The clinic agreed to pay a $750,000 resolution amount and enter into a corrective action plan.  OCR Director Samuels emphasized: “HIPAA’s obligation on covered entities to obtain business associate agreements is more than a mere check-the-box paperwork exercise.  It is critical for entities to know to whom they are handing PHI and to obtain assurances that the information will be protected.”
Immediately after announcing these settlements, and most likely in response to a collective wail from covered entities, OCR sent a listserv mailing in May 2016  cautioning CEs to consider how they will address a privacy or security breach by a business associate.  This is an area of insecurity for many CEs – and perhaps rightly so considering the earlier settlement announcements. While the Breach Notification Rule requires BAs to notify their CE after discovering a breach of unsecured protected health information,[10] OCR reports that a large percentage of CEs believe their BAs will not, in fact, notify them of breaches or security incidents. OCR also reports that CEs find it “difficult” to manage security incidents involving BAs, and “impossible” to determine whether their BAs' security policies and procedures are adequate to effectively respond to a breach.  To address these issues, OCR recommended – among other things – that covered entities beef up their business associate agreements, and consider auditing and assessing their BAs' security and privacy practices.

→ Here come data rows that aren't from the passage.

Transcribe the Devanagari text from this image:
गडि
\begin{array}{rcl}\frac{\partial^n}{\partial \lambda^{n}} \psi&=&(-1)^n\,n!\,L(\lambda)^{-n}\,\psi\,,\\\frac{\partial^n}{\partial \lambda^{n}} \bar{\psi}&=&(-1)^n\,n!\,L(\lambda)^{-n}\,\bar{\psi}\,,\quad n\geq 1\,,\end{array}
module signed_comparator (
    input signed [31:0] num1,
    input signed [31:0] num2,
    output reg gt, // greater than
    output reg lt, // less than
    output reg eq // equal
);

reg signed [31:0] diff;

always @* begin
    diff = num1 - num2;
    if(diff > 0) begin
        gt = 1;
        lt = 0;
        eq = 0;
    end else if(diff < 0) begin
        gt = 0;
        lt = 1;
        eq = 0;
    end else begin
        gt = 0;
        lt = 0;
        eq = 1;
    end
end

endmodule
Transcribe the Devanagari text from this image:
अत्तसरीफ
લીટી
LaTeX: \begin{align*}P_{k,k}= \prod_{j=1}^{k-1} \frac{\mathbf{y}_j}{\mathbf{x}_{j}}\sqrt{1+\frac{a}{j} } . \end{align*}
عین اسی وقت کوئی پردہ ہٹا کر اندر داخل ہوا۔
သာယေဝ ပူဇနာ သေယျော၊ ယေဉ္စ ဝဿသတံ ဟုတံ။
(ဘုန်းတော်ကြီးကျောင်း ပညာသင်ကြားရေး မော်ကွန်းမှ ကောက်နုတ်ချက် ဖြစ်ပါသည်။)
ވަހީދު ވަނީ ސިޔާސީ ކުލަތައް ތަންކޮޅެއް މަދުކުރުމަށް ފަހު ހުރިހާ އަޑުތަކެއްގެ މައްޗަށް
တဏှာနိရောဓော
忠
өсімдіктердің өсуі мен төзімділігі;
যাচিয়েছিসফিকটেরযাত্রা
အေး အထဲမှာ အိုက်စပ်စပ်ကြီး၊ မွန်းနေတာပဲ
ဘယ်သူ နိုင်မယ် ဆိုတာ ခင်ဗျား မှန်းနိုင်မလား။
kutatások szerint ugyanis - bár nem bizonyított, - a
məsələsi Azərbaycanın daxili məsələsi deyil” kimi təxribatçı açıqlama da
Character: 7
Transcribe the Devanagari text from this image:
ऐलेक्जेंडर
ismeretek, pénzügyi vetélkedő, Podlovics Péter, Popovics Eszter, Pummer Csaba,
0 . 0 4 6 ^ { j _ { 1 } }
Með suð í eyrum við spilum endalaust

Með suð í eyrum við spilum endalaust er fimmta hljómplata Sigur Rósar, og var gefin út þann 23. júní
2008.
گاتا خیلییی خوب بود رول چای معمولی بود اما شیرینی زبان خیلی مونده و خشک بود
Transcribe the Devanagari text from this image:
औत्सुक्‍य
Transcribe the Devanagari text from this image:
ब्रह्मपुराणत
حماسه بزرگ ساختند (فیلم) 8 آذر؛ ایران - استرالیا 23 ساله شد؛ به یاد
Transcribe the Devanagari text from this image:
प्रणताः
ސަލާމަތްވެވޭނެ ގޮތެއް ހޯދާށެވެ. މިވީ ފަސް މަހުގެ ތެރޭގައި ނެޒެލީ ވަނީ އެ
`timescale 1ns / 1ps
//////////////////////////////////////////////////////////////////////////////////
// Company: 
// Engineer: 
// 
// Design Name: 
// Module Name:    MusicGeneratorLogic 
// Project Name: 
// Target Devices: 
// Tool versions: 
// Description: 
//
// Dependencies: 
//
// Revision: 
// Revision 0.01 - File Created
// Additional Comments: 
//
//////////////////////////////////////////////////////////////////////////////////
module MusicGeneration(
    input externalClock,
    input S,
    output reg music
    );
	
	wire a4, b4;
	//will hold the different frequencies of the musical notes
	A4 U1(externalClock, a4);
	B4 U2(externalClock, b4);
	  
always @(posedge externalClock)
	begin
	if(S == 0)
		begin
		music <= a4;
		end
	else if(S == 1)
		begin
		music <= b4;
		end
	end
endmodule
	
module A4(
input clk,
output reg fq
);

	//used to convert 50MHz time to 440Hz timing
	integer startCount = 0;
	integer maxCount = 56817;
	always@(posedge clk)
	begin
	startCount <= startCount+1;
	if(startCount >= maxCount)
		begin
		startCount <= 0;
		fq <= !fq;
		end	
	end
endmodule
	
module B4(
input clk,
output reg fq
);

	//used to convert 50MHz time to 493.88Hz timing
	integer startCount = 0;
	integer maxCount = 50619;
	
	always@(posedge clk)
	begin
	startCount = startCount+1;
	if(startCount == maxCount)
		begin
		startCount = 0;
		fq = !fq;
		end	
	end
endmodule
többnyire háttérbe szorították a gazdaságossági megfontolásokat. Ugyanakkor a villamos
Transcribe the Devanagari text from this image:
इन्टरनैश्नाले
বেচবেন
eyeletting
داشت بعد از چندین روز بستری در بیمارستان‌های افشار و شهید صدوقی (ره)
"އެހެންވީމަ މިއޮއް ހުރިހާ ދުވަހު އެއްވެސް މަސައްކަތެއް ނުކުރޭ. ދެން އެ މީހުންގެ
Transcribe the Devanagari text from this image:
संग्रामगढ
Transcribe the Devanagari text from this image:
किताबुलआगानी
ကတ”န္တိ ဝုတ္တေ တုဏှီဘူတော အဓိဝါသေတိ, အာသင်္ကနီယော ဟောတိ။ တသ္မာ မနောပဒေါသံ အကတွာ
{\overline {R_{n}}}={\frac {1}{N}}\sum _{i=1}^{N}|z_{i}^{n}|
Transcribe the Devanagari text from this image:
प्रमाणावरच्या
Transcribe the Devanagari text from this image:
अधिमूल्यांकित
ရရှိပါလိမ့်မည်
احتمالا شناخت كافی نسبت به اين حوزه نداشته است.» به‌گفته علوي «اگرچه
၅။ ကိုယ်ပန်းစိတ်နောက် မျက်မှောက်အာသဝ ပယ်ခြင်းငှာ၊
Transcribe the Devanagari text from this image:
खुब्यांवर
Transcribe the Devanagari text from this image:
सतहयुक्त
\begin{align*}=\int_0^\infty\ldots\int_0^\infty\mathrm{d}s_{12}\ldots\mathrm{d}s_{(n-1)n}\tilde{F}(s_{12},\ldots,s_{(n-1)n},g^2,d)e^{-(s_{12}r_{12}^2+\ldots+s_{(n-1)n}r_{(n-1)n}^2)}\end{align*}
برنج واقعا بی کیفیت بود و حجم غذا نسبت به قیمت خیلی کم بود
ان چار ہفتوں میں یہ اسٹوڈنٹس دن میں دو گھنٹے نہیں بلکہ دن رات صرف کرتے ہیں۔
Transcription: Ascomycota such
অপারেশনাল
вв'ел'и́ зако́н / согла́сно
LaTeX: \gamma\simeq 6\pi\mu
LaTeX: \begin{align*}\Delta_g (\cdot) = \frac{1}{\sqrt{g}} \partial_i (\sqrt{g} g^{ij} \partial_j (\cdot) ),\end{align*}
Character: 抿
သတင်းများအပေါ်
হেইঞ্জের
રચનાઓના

OCR followed its listserv announcement with its first settlement with a business associate – a $650,000 resolution with CHCS stemming (as they so often do) from a stolen portable electronic device containing "extensive" unencrypted ePHI.  OCR's investigation revealed the business associate had not accurately and thoroughly assessed the potential risks and vulnerabilities to the confidentiality, integrity, and availability of ePHI (i.e., it had not conducted a Security Rule risk analysis), and had not implemented a risk management plan to address risks and vulnerabilities.

Commenting on the settlement, OCR Director Samuels emphasized: “Business associates must implement the protections of the HIPAA Security Rule for the electronic protected health information they create, receive, maintain, or transmit from covered entities.  This includes an enterprise-wide risk analysis and corresponding risk management plan, which are the cornerstones of the HIPAA Security Rule.”

OCR's latest commentary on the business associate relationship is an FAQ released September 28, 2016, addressing availability of PHI maintained by a business associate.  Here, OCR answers with a definite "no" the question: May a business associate block or terminate access by the covered entity to the protected health information maintained by the BA for or on behalf of the CE?
  • First, if a BA blocks the CE's access to this PHI (or terminates the CE's access), it has engaged in an impermissible use in violation of the Privacy Rule.[11]  Therefore, a BA that is an EHR developer cannot resolve a payment dispute with a covered health care provider by activating an embedded kill switch that renders the data inaccessible to the provider.  Likewise, a BA that refuses to return PHI at the end of the engagement, as provided by the BAA, also violates the Privacy Rule.
  • Second, a BA that blocks a CE's access to PHI violates the Security Rule requirement that BAs maintain the availability of PHI they create, receive, maintain, or transmit on a CE's behalf.[12] Maintaining availability means ensuring the PHI is accessible and usable by the CE on demand, whether the PHI is maintained in an EHR, the cloud, a data backup system, a database, or another system. A BA violates the Privacy Rule if it terminates a CE's access privileges, or otherwise denies the CE access, to PHI the BA maintains on its behalf.
  • Third, the Privacy Rule requires a BA to make PHI available to the CE as necessary to satisfy the CE's obligation to provide individuals with access to their own PHI.[13] Therefore, a business associate may not deny a covered entity access to the PHI the BA maintains on the CE's behalf if the covered entity needs the PHI to satisfy these obligations.[14]
BAs that worry this FAQ targets only their behavior can take heart:  CEs are also advised to beware.  OCR emphasizes that a CE is ultimately responsible for the availability of its own PHI. If a CE agrees to terms in a BAA that prevent the CE from ensuring the availability of its own PHI, the CE itself is out of compliance.[15]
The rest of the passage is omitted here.